Two-time Canadian Women's Champion Heather Nedohin whom Carey had defeated in the 2015 Alberta Scotties semi-final had decided to take a step back from elite curling to focus more on her family. Nedohin's rink consisting of third Amy Nixon, second Jocelyn Peterman and lead Laine Peters decided as a group to bring Carey on as skip, hoping to continue their winning ways. In their first season together, the team made the final of the Curler's Corner Autumn Gold Classic, beating Val Sweeting in the semi-final, but eventually losing the final to Rachel Homan. After turning in a solid season on the world curling tour, Carey avenged her 2015 Alberta Scotties final loss by defeating Team Sweeting at the 2016 Alberta Scotties Tournament of Hearts to earn the right to represent Alberta in the 2016 Scotties Tournament of Hearts in Grande Prairie, Alberta.

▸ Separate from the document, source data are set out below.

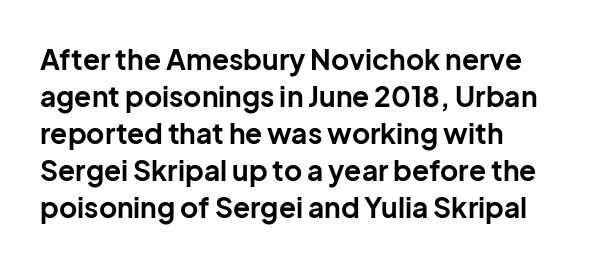
Q: Is the text bold? A: Yes.
Q: Is the text italic (slanted)? A: No, it is upright.
Q: Is the typeface a serif or a sans-serif typeface? A: Sans-serif.
Q: Is the text underlined? A: No.
Q: Is the spacing between letters normal or unusually wide? A: Normal.
Q: Is the spacing between lines tight, normal or loose? A: Normal.
Q: Width (condensed, normal, or wide)? A: Normal.
Q: Stroke contrast? A: Low.
Q: x-height? A: Medium.
Q: Monospaced? A: No.

===First Canadian Championship===
Carey and her rink had a strong round robin, posting a 9–2 record to claim first place in the round robin, winning a tie-break because of their 12–5 win over Jennifer Jones and Team Canada on the opening day of tournament. Carey played Jones as Team Alberta and Team Canada squared off in the 1 vs 2 page playoff game. Carey and her team controlled the bulk of the game, emerging victorious with a 7–5 win, with Carey shooting 96% in the game. This vaulted Carey and Team Alberta into the final, where they faced Northern Ontario's Krista McCarville. It was a tight, back and forth game tied 6–6 in the 10th end. Ultimately it came down to Carey's final stone, which she used to draw the back 4 foot for a single point sealing a 7–6 victory to claim the national title. Carey and her team represented Team Canada at the 2016 Ford World Women's Curling Championship in Swift Current, Saskatchewan. After finishing the round robin with an 8–3 record, the team lost both of their playoff matches, settling for 4th place.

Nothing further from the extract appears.